Morally, the Baron Guy is not so easily described. He hated monks—but that is neither here nor there—and adored children; which is proof of a happily constituted disposition. But the baron had seen so much of men and things that it is not to be wondered at that there existed in his mind a shade of scepticism, if such a term can be applied to the désenchantement of a noble at the end of the twelfth century. The baron had, we say, acquired a marked influence over the mind of his nephew; but to Anseric's two children their great-uncle was as indulgent as possible. He was no less complaisant to his niece; she alone could succeed in lighting up that stern visage with a ray of cheerfulness.
The very high and noble dame Jeanne Eleanor de la Roche-Pont was a woman of middle height. When animated, her somewhat oval face reflected a lively intelligence; her eyes of light azure then assumed the hue of the lapis-lazuli, and her complexion, habitually pale, was suffused with a rosy flush.
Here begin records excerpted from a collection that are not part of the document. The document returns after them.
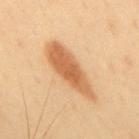Clinical impression:
Recorded during total-body skin imaging; not selected for excision or biopsy.
Background:
The lesion is on the upper back. The tile uses cross-polarized illumination. Approximately 8 mm at its widest. A male subject, in their 40s. This image is a 15 mm lesion crop taken from a total-body photograph.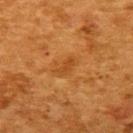About 2.5 mm across. On the upper back. The lesion-visualizer software estimated an outline eccentricity of about 0.9 (0 = round, 1 = elongated). It also reported border irregularity of about 3 on a 0–10 scale, internal color variation of about 0 on a 0–10 scale, and peripheral color asymmetry of about 0. The subject is a female aged 48 to 52. Imaged with cross-polarized lighting. A 15 mm crop from a total-body photograph taken for skin-cancer surveillance.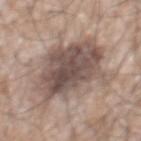biopsy status: no biopsy performed (imaged during a skin exam)
size: ≈8 mm
site: the mid back
subject: male, aged approximately 60
acquisition: ~15 mm tile from a whole-body skin photo
automated lesion analysis: an average lesion color of about L≈51 a*≈14 b*≈21 (CIELAB), about 13 CIELAB-L* units darker than the surrounding skin, and a lesion-to-skin contrast of about 9.5 (normalized; higher = more distinct); a border-irregularity rating of about 5/10, internal color variation of about 6 on a 0–10 scale, and radial color variation of about 2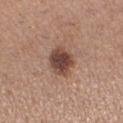Q: Was this lesion biopsied?
A: imaged on a skin check; not biopsied
Q: Patient demographics?
A: female, aged approximately 30
Q: What lighting was used for the tile?
A: white-light illumination
Q: How was this image acquired?
A: 15 mm crop, total-body photography
Q: What is the anatomic site?
A: the left lower leg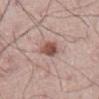Clinical impression: Recorded during total-body skin imaging; not selected for excision or biopsy. Image and clinical context: A male subject aged approximately 65. The lesion's longest dimension is about 3 mm. The tile uses white-light illumination. The lesion is located on the abdomen. A lesion tile, about 15 mm wide, cut from a 3D total-body photograph.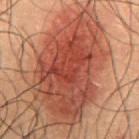Q: Is there a histopathology result?
A: no biopsy performed (imaged during a skin exam)
Q: Patient demographics?
A: male, aged 48 to 52
Q: How was the tile lit?
A: cross-polarized
Q: Lesion size?
A: ~12.5 mm (longest diameter)
Q: What did automated image analysis measure?
A: an area of roughly 60 mm², an outline eccentricity of about 0.8 (0 = round, 1 = elongated), and a shape-asymmetry score of about 0.25 (0 = symmetric)
Q: What is the imaging modality?
A: ~15 mm tile from a whole-body skin photo
Q: Where on the body is the lesion?
A: the abdomen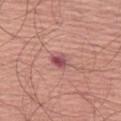Clinical impression: The lesion was tiled from a total-body skin photograph and was not biopsied. Clinical summary: The subject is a male aged approximately 65. Captured under white-light illumination. A 15 mm close-up extracted from a 3D total-body photography capture. The lesion is located on the left thigh.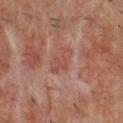notes: total-body-photography surveillance lesion; no biopsy
site: the chest
lighting: cross-polarized illumination
patient: male, about 50 years old
automated lesion analysis: an average lesion color of about L≈37 a*≈19 b*≈21 (CIELAB) and about 5 CIELAB-L* units darker than the surrounding skin
image source: ~15 mm tile from a whole-body skin photo
size: about 3.5 mm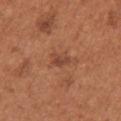Impression: This lesion was catalogued during total-body skin photography and was not selected for biopsy. Background: On the right upper arm. The recorded lesion diameter is about 2.5 mm. Automated image analysis of the tile measured a shape eccentricity near 0.8. The software also gave internal color variation of about 1.5 on a 0–10 scale and a peripheral color-asymmetry measure near 0.5. The software also gave an automated nevus-likeness rating near 5 out of 100 and a lesion-detection confidence of about 100/100. Imaged with white-light lighting. A female subject approximately 65 years of age. A 15 mm crop from a total-body photograph taken for skin-cancer surveillance.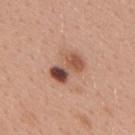Clinical impression:
Captured during whole-body skin photography for melanoma surveillance; the lesion was not biopsied.
Context:
A lesion tile, about 15 mm wide, cut from a 3D total-body photograph. The lesion is located on the back. Longest diameter approximately 4 mm. A female patient, aged approximately 40. This is a white-light tile.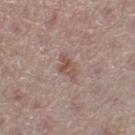This lesion was catalogued during total-body skin photography and was not selected for biopsy.
A female subject, aged approximately 50.
Automated image analysis of the tile measured a border-irregularity rating of about 4.5/10, a within-lesion color-variation index near 2.5/10, and a peripheral color-asymmetry measure near 0.5.
The lesion's longest dimension is about 3 mm.
The lesion is located on the leg.
A 15 mm crop from a total-body photograph taken for skin-cancer surveillance.
This is a white-light tile.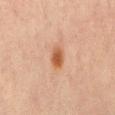notes = catalogued during a skin exam; not biopsied | subject = male, approximately 70 years of age | illumination = cross-polarized | imaging modality = 15 mm crop, total-body photography | site = the abdomen.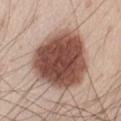Case summary:
* body site — the abdomen
* illumination — white-light
* image source — 15 mm crop, total-body photography
* subject — male, aged approximately 40
* diameter — about 7.5 mm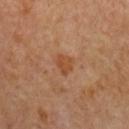follow-up = total-body-photography surveillance lesion; no biopsy
site = the chest
patient = female, in their mid- to late 60s
lighting = cross-polarized illumination
imaging modality = ~15 mm crop, total-body skin-cancer survey
automated metrics = a border-irregularity rating of about 3/10 and radial color variation of about 0.5
lesion diameter = ≈2.5 mm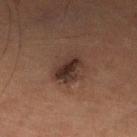Captured during whole-body skin photography for melanoma surveillance; the lesion was not biopsied.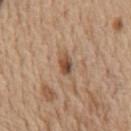Clinical impression: This lesion was catalogued during total-body skin photography and was not selected for biopsy. Image and clinical context: A region of skin cropped from a whole-body photographic capture, roughly 15 mm wide. A male patient, about 70 years old. On the chest.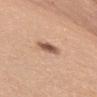<lesion>
  <site>chest</site>
  <patient>
    <sex>female</sex>
    <age_approx>55</age_approx>
  </patient>
  <image>
    <source>total-body photography crop</source>
    <field_of_view_mm>15</field_of_view_mm>
  </image>
  <lesion_size>
    <long_diameter_mm_approx>3.0</long_diameter_mm_approx>
  </lesion_size>
</lesion>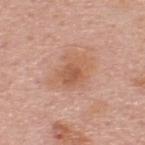Part of a total-body skin-imaging series; this lesion was reviewed on a skin check and was not flagged for biopsy.
Automated image analysis of the tile measured about 8 CIELAB-L* units darker than the surrounding skin.
Captured under white-light illumination.
The lesion is on the upper back.
Approximately 4.5 mm at its widest.
The subject is a male aged approximately 65.
A close-up tile cropped from a whole-body skin photograph, about 15 mm across.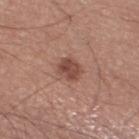Part of a total-body skin-imaging series; this lesion was reviewed on a skin check and was not flagged for biopsy. The lesion is on the leg. A 15 mm close-up extracted from a 3D total-body photography capture. The subject is a male in their 50s.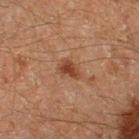Assessment:
This lesion was catalogued during total-body skin photography and was not selected for biopsy.
Image and clinical context:
Captured under cross-polarized illumination. The lesion is located on the right lower leg. About 3 mm across. A 15 mm close-up extracted from a 3D total-body photography capture. A male subject roughly 60 years of age.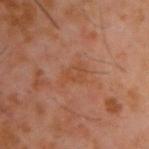Assessment: Part of a total-body skin-imaging series; this lesion was reviewed on a skin check and was not flagged for biopsy. Background: Measured at roughly 3.5 mm in maximum diameter. An algorithmic analysis of the crop reported a footprint of about 5.5 mm², a shape eccentricity near 0.75, and a shape-asymmetry score of about 0.3 (0 = symmetric). And it measured a nevus-likeness score of about 0/100 and a lesion-detection confidence of about 100/100. This image is a 15 mm lesion crop taken from a total-body photograph. A male patient, roughly 60 years of age. Located on the back.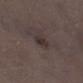Notes:
* follow-up — catalogued during a skin exam; not biopsied
* size — ~3 mm (longest diameter)
* subject — male, aged 68–72
* imaging modality — total-body-photography crop, ~15 mm field of view
* body site — the left lower leg
* tile lighting — white-light
* automated lesion analysis — a lesion area of about 3.5 mm² and a shape eccentricity near 0.85; a border-irregularity index near 2.5/10, a within-lesion color-variation index near 2/10, and radial color variation of about 0.5; an automated nevus-likeness rating near 5 out of 100 and lesion-presence confidence of about 100/100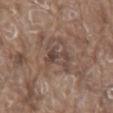Case summary:
– biopsy status: catalogued during a skin exam; not biopsied
– lesion size: ~3.5 mm (longest diameter)
– tile lighting: white-light
– body site: the back
– imaging modality: total-body-photography crop, ~15 mm field of view
– subject: male, approximately 80 years of age
– automated lesion analysis: an average lesion color of about L≈42 a*≈16 b*≈22 (CIELAB) and a lesion–skin lightness drop of about 8; a border-irregularity index near 6.5/10, a within-lesion color-variation index near 1.5/10, and radial color variation of about 0.5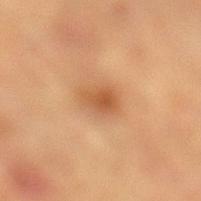{"biopsy_status": "not biopsied; imaged during a skin examination", "lighting": "cross-polarized", "image": {"source": "total-body photography crop", "field_of_view_mm": 15}, "patient": {"sex": "male", "age_approx": "85+"}, "lesion_size": {"long_diameter_mm_approx": 3.5}, "site": "left lower leg", "automated_metrics": {"area_mm2_approx": 6.5, "shape_asymmetry": 0.25, "cielab_L": 49, "cielab_a": 21, "cielab_b": 34, "vs_skin_darker_L": 9.0, "vs_skin_contrast_norm": 6.5}}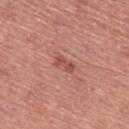{
  "biopsy_status": "not biopsied; imaged during a skin examination",
  "patient": {
    "sex": "male",
    "age_approx": 50
  },
  "image": {
    "source": "total-body photography crop",
    "field_of_view_mm": 15
  },
  "site": "left thigh"
}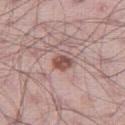Case summary:
- follow-up — catalogued during a skin exam; not biopsied
- tile lighting — white-light illumination
- lesion size — about 2.5 mm
- anatomic site — the leg
- acquisition — ~15 mm crop, total-body skin-cancer survey
- patient — male, aged around 50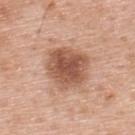Q: Is there a histopathology result?
A: imaged on a skin check; not biopsied
Q: What are the patient's age and sex?
A: male, aged 58–62
Q: Illumination type?
A: white-light illumination
Q: Lesion location?
A: the upper back
Q: What is the imaging modality?
A: ~15 mm crop, total-body skin-cancer survey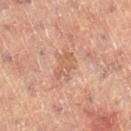{"biopsy_status": "not biopsied; imaged during a skin examination", "image": {"source": "total-body photography crop", "field_of_view_mm": 15}, "automated_metrics": {"area_mm2_approx": 5.5, "eccentricity": 0.8, "shape_asymmetry": 0.25, "border_irregularity_0_10": 3.5, "color_variation_0_10": 2.5}, "lighting": "cross-polarized", "lesion_size": {"long_diameter_mm_approx": 3.0}, "site": "left leg", "patient": {"sex": "female", "age_approx": 80}}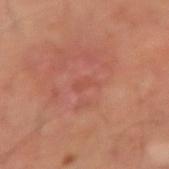Case summary:
• biopsy status — no biopsy performed (imaged during a skin exam)
• image — total-body-photography crop, ~15 mm field of view
• automated metrics — a lesion area of about 2.5 mm², a shape eccentricity near 0.85, and a shape-asymmetry score of about 0.35 (0 = symmetric); an average lesion color of about L≈50 a*≈29 b*≈29 (CIELAB) and a normalized lesion–skin contrast near 3.5; an automated nevus-likeness rating near 0 out of 100 and lesion-presence confidence of about 100/100
• illumination — cross-polarized
• site — the left forearm
• subject — male, in their mid- to late 40s
• lesion diameter — about 2.5 mm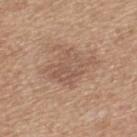Assessment:
The lesion was photographed on a routine skin check and not biopsied; there is no pathology result.
Acquisition and patient details:
A roughly 15 mm field-of-view crop from a total-body skin photograph. A male subject aged approximately 70. On the back.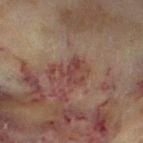Q: Was this lesion biopsied?
A: imaged on a skin check; not biopsied
Q: Lesion location?
A: the left thigh
Q: What is the imaging modality?
A: 15 mm crop, total-body photography
Q: What are the patient's age and sex?
A: female, about 60 years old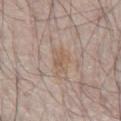follow-up = imaged on a skin check; not biopsied
patient = male, aged 53–57
location = the chest
diameter = ≈3 mm
lighting = white-light
acquisition = total-body-photography crop, ~15 mm field of view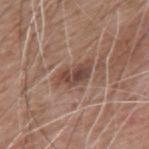Q: Is there a histopathology result?
A: imaged on a skin check; not biopsied
Q: Where on the body is the lesion?
A: the mid back
Q: Illumination type?
A: white-light
Q: Patient demographics?
A: male, aged approximately 60
Q: How was this image acquired?
A: ~15 mm crop, total-body skin-cancer survey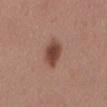* follow-up — catalogued during a skin exam; not biopsied
* patient — female, in their mid-50s
* tile lighting — white-light illumination
* location — the back
* image — ~15 mm crop, total-body skin-cancer survey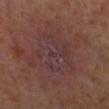  biopsy_status: not biopsied; imaged during a skin examination
  patient:
    sex: female
  image:
    source: total-body photography crop
    field_of_view_mm: 15
  site: left lower leg
  lesion_size:
    long_diameter_mm_approx: 5.5
  automated_metrics:
    area_mm2_approx: 23.0
    eccentricity: 0.4
    shape_asymmetry: 0.3
    cielab_L: 36
    cielab_a: 19
    cielab_b: 16
    vs_skin_darker_L: 4.0
    vs_skin_contrast_norm: 6.5
    border_irregularity_0_10: 4.0
    color_variation_0_10: 4.0
    peripheral_color_asymmetry: 1.5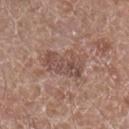The lesion was tiled from a total-body skin photograph and was not biopsied.
The subject is a male approximately 60 years of age.
A 15 mm close-up extracted from a 3D total-body photography capture.
Located on the left forearm.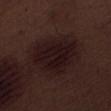workup = imaged on a skin check; not biopsied | anatomic site = the right thigh | patient = male, aged approximately 70 | tile lighting = white-light | size = ≈7 mm | acquisition = ~15 mm tile from a whole-body skin photo.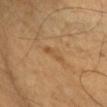Assessment: Part of a total-body skin-imaging series; this lesion was reviewed on a skin check and was not flagged for biopsy.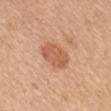  patient:
    sex: female
    age_approx: 55
  automated_metrics:
    area_mm2_approx: 9.0
    eccentricity: 0.8
    shape_asymmetry: 0.2
    vs_skin_contrast_norm: 6.5
  image:
    source: total-body photography crop
    field_of_view_mm: 15
  lighting: white-light
  lesion_size:
    long_diameter_mm_approx: 4.0
  site: mid back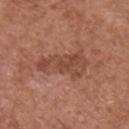Located on the chest. This image is a 15 mm lesion crop taken from a total-body photograph. The lesion-visualizer software estimated a lesion area of about 14 mm² and a shape eccentricity near 0.9. The software also gave a classifier nevus-likeness of about 0/100 and lesion-presence confidence of about 100/100. The tile uses white-light illumination. A male subject, aged 73 to 77. Measured at roughly 6.5 mm in maximum diameter.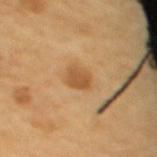follow-up: total-body-photography surveillance lesion; no biopsy | image source: 15 mm crop, total-body photography | anatomic site: the back | patient: female, in their mid- to late 60s | tile lighting: cross-polarized illumination | size: ≈2.5 mm | TBP lesion metrics: a lesion color around L≈52 a*≈21 b*≈39 in CIELAB, roughly 10 lightness units darker than nearby skin, and a lesion-to-skin contrast of about 7 (normalized; higher = more distinct).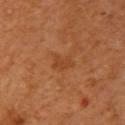lighting=cross-polarized | body site=the arm | patient=female, in their mid- to late 50s | image source=~15 mm tile from a whole-body skin photo | size=~2.5 mm (longest diameter).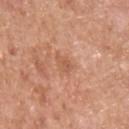<lesion>
  <biopsy_status>not biopsied; imaged during a skin examination</biopsy_status>
  <lighting>white-light</lighting>
  <patient>
    <sex>male</sex>
    <age_approx>60</age_approx>
  </patient>
  <site>back</site>
  <image>
    <source>total-body photography crop</source>
    <field_of_view_mm>15</field_of_view_mm>
  </image>
</lesion>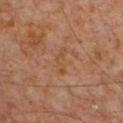Notes:
* biopsy status — total-body-photography surveillance lesion; no biopsy
* imaging modality — ~15 mm tile from a whole-body skin photo
* diameter — about 3.5 mm
* subject — male, in their 60s
* location — the upper back
* tile lighting — cross-polarized
* TBP lesion metrics — an area of roughly 4 mm², an eccentricity of roughly 0.9, and two-axis asymmetry of about 0.6; an average lesion color of about L≈43 a*≈19 b*≈31 (CIELAB), about 4 CIELAB-L* units darker than the surrounding skin, and a lesion-to-skin contrast of about 5 (normalized; higher = more distinct); a border-irregularity index near 6.5/10, a color-variation rating of about 1/10, and a peripheral color-asymmetry measure near 0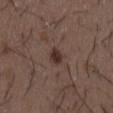Part of a total-body skin-imaging series; this lesion was reviewed on a skin check and was not flagged for biopsy.
From the back.
The subject is a male roughly 50 years of age.
This image is a 15 mm lesion crop taken from a total-body photograph.
The recorded lesion diameter is about 2.5 mm.
Imaged with white-light lighting.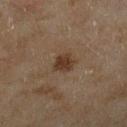- automated metrics · an area of roughly 5 mm², an outline eccentricity of about 0.55 (0 = round, 1 = elongated), and two-axis asymmetry of about 0.2; a nevus-likeness score of about 95/100
- acquisition · ~15 mm tile from a whole-body skin photo
- lighting · cross-polarized
- patient · female, aged 58 to 62
- size · ≈2.5 mm
- site · the leg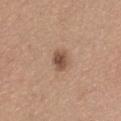{
  "biopsy_status": "not biopsied; imaged during a skin examination",
  "site": "back",
  "image": {
    "source": "total-body photography crop",
    "field_of_view_mm": 15
  },
  "patient": {
    "sex": "female",
    "age_approx": 35
  },
  "lesion_size": {
    "long_diameter_mm_approx": 2.5
  },
  "lighting": "white-light"
}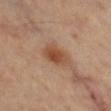Part of a total-body skin-imaging series; this lesion was reviewed on a skin check and was not flagged for biopsy.
Cropped from a total-body skin-imaging series; the visible field is about 15 mm.
This is a cross-polarized tile.
A male patient aged around 60.
An algorithmic analysis of the crop reported a classifier nevus-likeness of about 90/100 and lesion-presence confidence of about 100/100.
From the left thigh.
Longest diameter approximately 3.5 mm.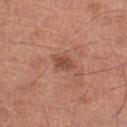– follow-up: catalogued during a skin exam; not biopsied
– subject: male, in their mid- to late 60s
– image source: ~15 mm crop, total-body skin-cancer survey
– location: the left lower leg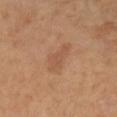biopsy_status: not biopsied; imaged during a skin examination
patient:
  sex: female
  age_approx: 65
image:
  source: total-body photography crop
  field_of_view_mm: 15
automated_metrics:
  area_mm2_approx: 7.0
  cielab_L: 52
  cielab_a: 21
  cielab_b: 32
  vs_skin_darker_L: 6.0
  vs_skin_contrast_norm: 4.5
  peripheral_color_asymmetry: 0.5
  nevus_likeness_0_100: 10
site: right forearm
lighting: cross-polarized
lesion_size:
  long_diameter_mm_approx: 4.0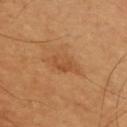Case summary:
* notes: total-body-photography surveillance lesion; no biopsy
* image-analysis metrics: a lesion color around L≈49 a*≈22 b*≈37 in CIELAB, a lesion–skin lightness drop of about 7, and a normalized border contrast of about 5; border irregularity of about 2.5 on a 0–10 scale, internal color variation of about 2.5 on a 0–10 scale, and a peripheral color-asymmetry measure near 1
* patient: male, aged 58 to 62
* illumination: cross-polarized illumination
* anatomic site: the chest
* imaging modality: total-body-photography crop, ~15 mm field of view
* diameter: ≈4 mm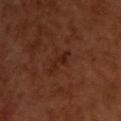Assessment: The lesion was photographed on a routine skin check and not biopsied; there is no pathology result. Background: This is a cross-polarized tile. A male patient, roughly 50 years of age. Measured at roughly 3.5 mm in maximum diameter. From the upper back. An algorithmic analysis of the crop reported a shape eccentricity near 0.9 and a shape-asymmetry score of about 0.4 (0 = symmetric). The analysis additionally found an average lesion color of about L≈24 a*≈22 b*≈27 (CIELAB) and a lesion–skin lightness drop of about 6. It also reported a nevus-likeness score of about 15/100 and lesion-presence confidence of about 100/100. This image is a 15 mm lesion crop taken from a total-body photograph.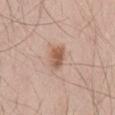<case>
<biopsy_status>not biopsied; imaged during a skin examination</biopsy_status>
<image>
  <source>total-body photography crop</source>
  <field_of_view_mm>15</field_of_view_mm>
</image>
<patient>
  <sex>male</sex>
  <age_approx>45</age_approx>
</patient>
<site>lower back</site>
<lighting>white-light</lighting>
</case>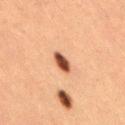subject: female, aged around 40; illumination: cross-polarized illumination; location: the right thigh; image: ~15 mm crop, total-body skin-cancer survey.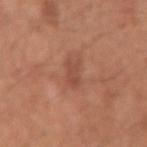Clinical impression: This lesion was catalogued during total-body skin photography and was not selected for biopsy. Acquisition and patient details: Located on the right upper arm. Cropped from a whole-body photographic skin survey; the tile spans about 15 mm. Approximately 3 mm at its widest. Automated image analysis of the tile measured a footprint of about 4.5 mm² and two-axis asymmetry of about 0.3. And it measured a border-irregularity rating of about 3/10, internal color variation of about 2 on a 0–10 scale, and a peripheral color-asymmetry measure near 0.5. And it measured a nevus-likeness score of about 0/100 and a detector confidence of about 100 out of 100 that the crop contains a lesion. The subject is a male roughly 55 years of age. Captured under white-light illumination.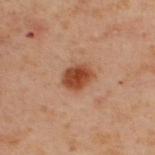This lesion was catalogued during total-body skin photography and was not selected for biopsy. On the upper back. Automated tile analysis of the lesion measured an eccentricity of roughly 0.6 and a symmetry-axis asymmetry near 0.15. The analysis additionally found a border-irregularity rating of about 1.5/10 and a within-lesion color-variation index near 3/10. A male subject, aged around 50. Cropped from a whole-body photographic skin survey; the tile spans about 15 mm.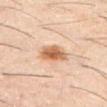follow-up: catalogued during a skin exam; not biopsied | image-analysis metrics: a lesion color around L≈58 a*≈21 b*≈34 in CIELAB, about 13 CIELAB-L* units darker than the surrounding skin, and a normalized border contrast of about 9.5; a lesion-detection confidence of about 100/100 | location: the abdomen | diameter: about 3.5 mm | image: 15 mm crop, total-body photography | patient: male, in their 60s.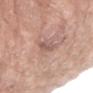| key | value |
|---|---|
| workup | total-body-photography surveillance lesion; no biopsy |
| imaging modality | total-body-photography crop, ~15 mm field of view |
| diameter | about 3 mm |
| lighting | white-light illumination |
| subject | female, about 75 years old |
| body site | the left forearm |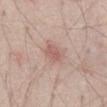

She had a bewitching smile, though her mouth was slightly drooping; her swan-like neck, and the exquisite contour of her figure, lent to all her movements a perfect grace, rendered still more charming by an address and vivacity which was the delight of the old baron.
The baron, therefore, would pass whole hours with his eyes fixed on his niece, as if he wished to study the least gestures of the Lady de la Roche-Pont, and discover the marvellous mechanism in which their grace and beauty originated. High-spirited on occasions, Eleanor was capable of the greatest devotion and absolute self-sacrifice for those dear to her. Her vassals loved her, and used to call her la Gentil-Dame.